Consider setting boundaries for how you will talk to and respond to relatives.

In addition to financial pressure, family tensions, and travel-related stress, the holidays can also unearth unhappy memories. “Holidays play a big role in a person’s life, so we carry whatever baggage we have in memories and expectations,” Slatkin said. “If we have negative memories and experiences, then part of us can be triggered during that time. If the holidays were a time of anxiety and fights between family members, then that is something that will creep up in the background. If we had good experiences and the way you currently celebrate the holidays doesn’t live up to expectations, that’s also setting yourself up for failure.”

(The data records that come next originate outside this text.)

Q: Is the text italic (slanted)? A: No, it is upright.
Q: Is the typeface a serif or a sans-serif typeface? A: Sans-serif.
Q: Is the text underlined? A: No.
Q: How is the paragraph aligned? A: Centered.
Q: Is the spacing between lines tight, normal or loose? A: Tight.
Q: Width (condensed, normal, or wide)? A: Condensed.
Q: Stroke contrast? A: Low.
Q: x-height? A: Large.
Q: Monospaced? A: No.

The holiday pressure cooker can put a strain on almost any marriage — even healthy ones. So if you’re feeling a little hopeless about your relationship, you might want to wait until after the holidays, when things settle down.

At the same time, if you’re sure that breaking up is the best decision, there are some tools to help you cope. First, consider setting boundaries for how you will talk to and respond to relatives. You may not want to explain your situation to everyone — but you can set aside private time to speak with those closest to you in a compassionate setting.

Spending time with little kids to lift your spirits is what Audrey Hope, a life coach in Brentwood, California, recommends. “Babies and kids are the best medicine, as they bring joy, innocence, and happiness. They will help you laugh and remember that life is good and love is possible,” Hope told LifeZette.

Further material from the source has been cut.